動揺を押し隠して平静を装い、チャムは刺身を口にする。モグモグと咀嚼する内に目が見開かれていった。すぐにもう一切れ食べて両手を差し上げた。
「美味 ──── い!」
「ま、マジか!?」
トゥリオは完全に動揺が隠せない。
「食べてみなさい! いえ、食べるべきよ!」
「お、おう…」
「どう?」
「…イケるな。なんでだ?」
「何でもクソもないわ! 美味しいものは美味しいのよ!」
美味は論理的飛躍を導くらしい。
「そりゃ、良かった。じゃあ、次はこれね」
今度は腹身を刺身にして、軽く塩を振り差し出す。
「あ ── ! 何よ! まだ上があるって言うの。勘弁して」
「うおう、こいつはどうしたことだ!」
躊躇いなく手を伸ばした二人は更なる高みに感動しているようだ。感想を言い合っている二人を置いておいて、カイはアラを煮立ち始めた鍋に放り込んでおく。
「何だい何だい、大騒ぎして?」
「あ、おばちゃん! おばちゃんも食べて食べて」
賑やかな内庭の様子に釣られて宿の女将もやって来る。
「ああ、あんたら魚を生で食べる人かい」
「ええっ! おばちゃん、これの美味しさを知ってたっていうの!?」
「いや、あたしは味見した程度だけどね、一部の漁師たちはたまに船の上じゃ食ってるらしいね。でも、宿のメニューに並べるにゃ無理だろう?」
「でしょうね。食文化の壁って意外と厚いんですよね」
女将にフォークを渡して勧める。
「おや、こいつは格別じゃないか?」
「お腹側は脂がのってますから一際美味しいんですよ。チャム、魚醤でも食べてみて」
「はー、旨味が増すわねえ」
「もうひと細工してみようか」
カイは腹身をもう1ブロック刺身にして塩を振った上からパシャの実を半分に切って果汁を降りかける。パシャはこの世界で見つけたカボスみたいな酸味の強い柑橘系の果実だ。
「ん ────── !」
チャムはすぐに手を伸ばして味わうとバンバンとカイの背中を叩く。もう声も無いみたいだ。
「はー、私、これが一番好きかも」
「おー、美味ぇな。脂と酸味は合うもんなんだな」
「こりゃ、すごいね。料理のメインでも、酒の肴にでもできそうだ」
「シンプルなのよりひと手間掛けたほうが普通の人の口には合うみたいですね」
そうしているうちにもメンパルはどんどん人間とセネル鳥の胃袋に納まっていく。
「こっちもそろそろ良い感じになってるはずだけど」
そう言うと彼はアラ汁を椀によそって皆に渡す。
「くはー、何だかホッとするわー。和むわー」
「なんつーか、染みるよなー、この味」
「いいねぇ、最高のスープだね」
皆が満足した様子なのでカイの笑顔も深くなる。好きな物を理解してもらえるのは嬉しいものだ。
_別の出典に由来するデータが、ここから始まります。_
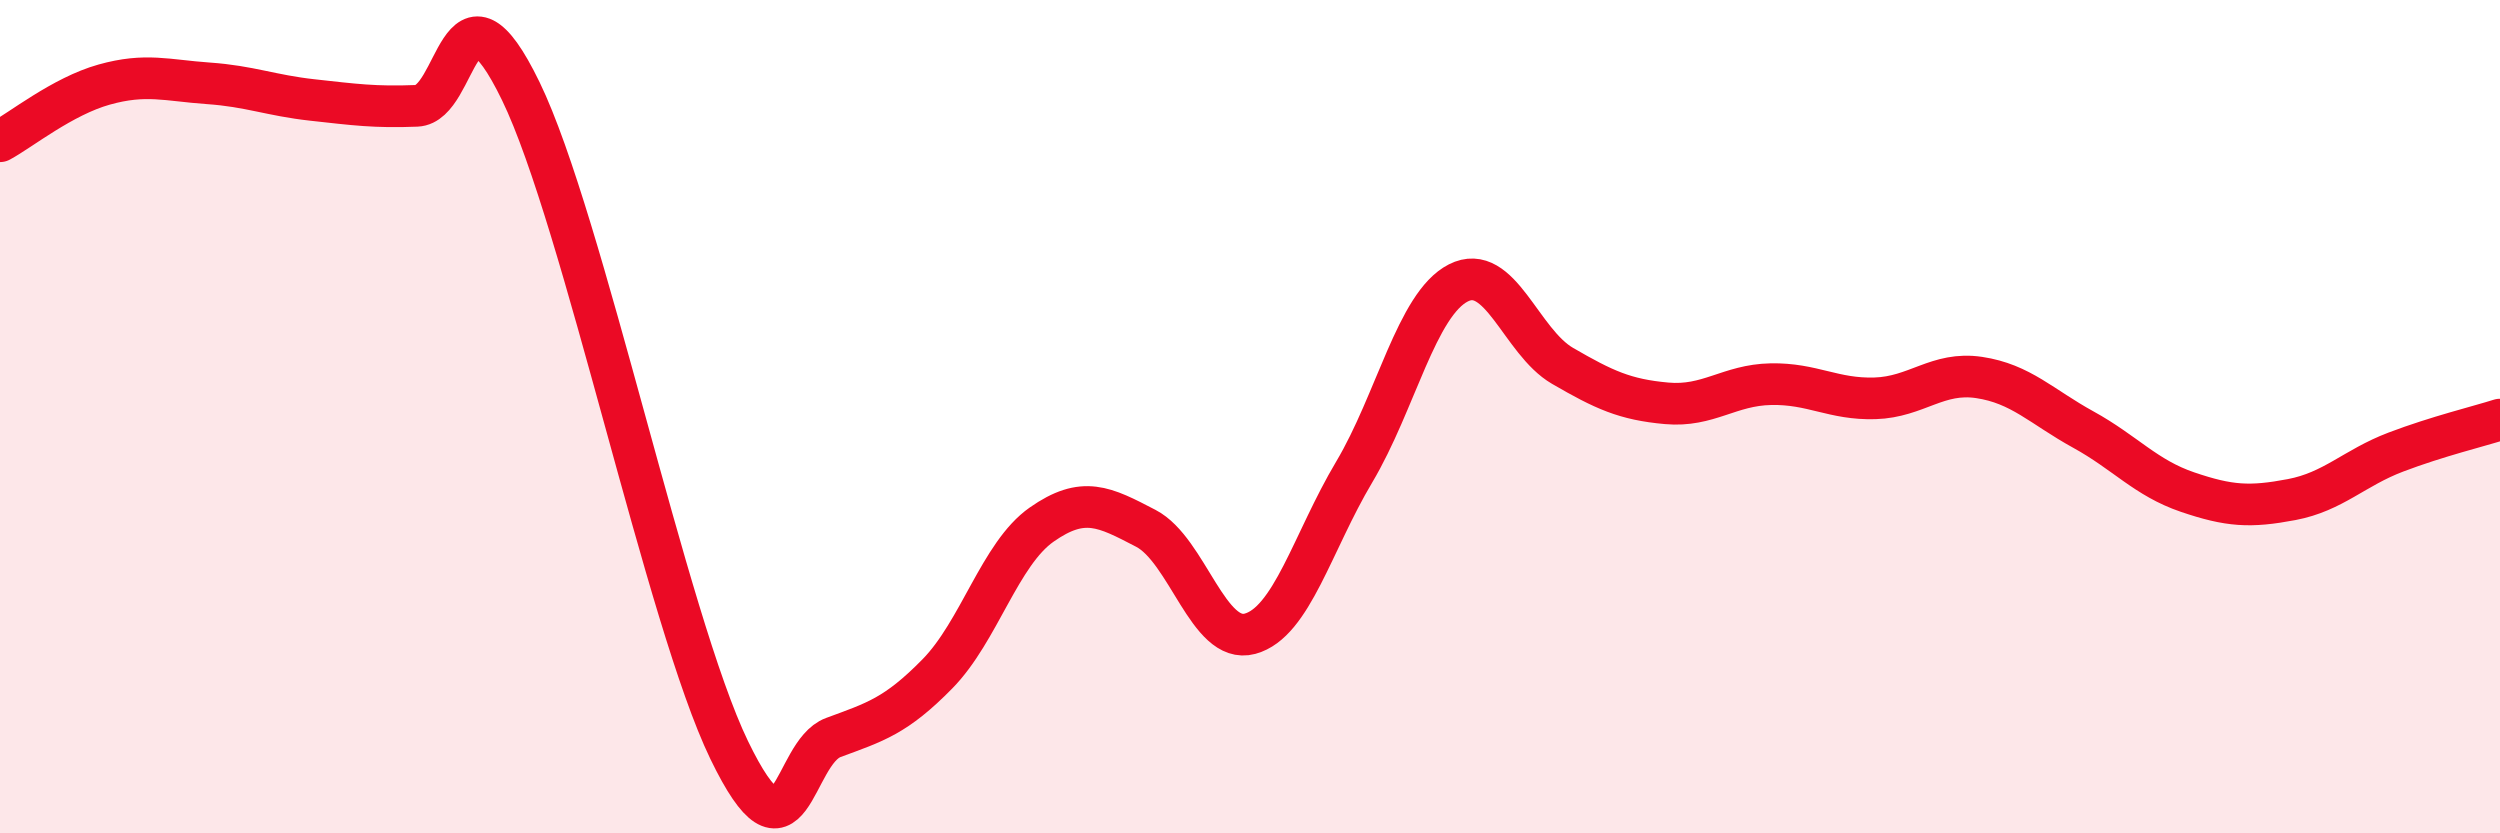 
    <svg width="60" height="20" viewBox="0 0 60 20" xmlns="http://www.w3.org/2000/svg">
      <path
        d="M 0,3.39 C 0.5,3.12 1.5,2.31 2.5,2.03 C 3.5,1.75 4,1.93 5,2 C 6,2.07 6.5,2.29 7.5,2.4 C 8.5,2.51 9,2.58 10,2.54 C 11,2.5 11,-0.9 12.5,2.19 C 14,5.28 16,14.9 17.5,18 C 19,21.1 19,18.07 20,17.7 C 21,17.33 21.5,17.19 22.5,16.17 C 23.5,15.15 24,13.29 25,12.59 C 26,11.89 26.5,12.16 27.5,12.68 C 28.5,13.2 29,15.48 30,15.21 C 31,14.94 31.5,13.01 32.5,11.33 C 33.5,9.65 34,7.3 35,6.79 C 36,6.28 36.5,8.2 37.5,8.78 C 38.5,9.36 39,9.59 40,9.68 C 41,9.77 41.5,9.24 42.5,9.22 C 43.5,9.2 44,9.59 45,9.56 C 46,9.53 46.5,8.91 47.5,9.06 C 48.5,9.21 49,9.76 50,10.31 C 51,10.86 51.5,11.47 52.5,11.81 C 53.5,12.15 54,12.18 55,11.99 C 56,11.8 56.5,11.23 57.5,10.85 C 58.5,10.47 59.5,10.23 60,10.07L60 20L0 20Z"
        fill="#EB0A25"
        opacity="0.1"
        stroke-linecap="round"
        stroke-linejoin="round"
      />
      <path
        d="M 0,3.39 C 0.5,3.12 1.5,2.31 2.5,2.03 C 3.5,1.75 4,1.93 5,2 C 6,2.07 6.5,2.29 7.5,2.4 C 8.5,2.51 9,2.58 10,2.54 C 11,2.5 11,-0.9 12.5,2.19 C 14,5.28 16,14.9 17.5,18 C 19,21.1 19,18.07 20,17.7 C 21,17.33 21.5,17.19 22.5,16.17 C 23.5,15.15 24,13.29 25,12.59 C 26,11.89 26.5,12.16 27.5,12.68 C 28.5,13.2 29,15.48 30,15.21 C 31,14.94 31.5,13.01 32.5,11.33 C 33.5,9.65 34,7.3 35,6.79 C 36,6.28 36.5,8.2 37.5,8.78 C 38.5,9.36 39,9.59 40,9.68 C 41,9.77 41.5,9.24 42.5,9.22 C 43.5,9.2 44,9.59 45,9.56 C 46,9.53 46.5,8.91 47.5,9.06 C 48.5,9.21 49,9.76 50,10.31 C 51,10.86 51.5,11.47 52.5,11.81 C 53.5,12.15 54,12.18 55,11.99 C 56,11.8 56.5,11.23 57.5,10.85 C 58.5,10.47 59.5,10.23 60,10.07"
        stroke="#EB0A25"
        stroke-width="1"
        fill="none"
        stroke-linecap="round"
        stroke-linejoin="round"
      />
    </svg>

「結構食べたね。大型のメンパルが半分以上消えちゃったよ」
「カイ」
「な、何?」
真摯な顔で見つめられ、動揺する。
「お金出すから、明日何匹が仕入れておくのよ!」
「解った解った。お金はいいからまた明日買いに行こうね」
「ちゅーい!」
「キュキューイ!」
上がるのは賛同の声ばかりだった。
お刺身の話です。文化の壁を破壊しようとするカイは薬なのか毒なのか何とも言えないところですが、美味しいものは万国共通だと思いたいですね。メンパルはブリみたいなものだと思ってください。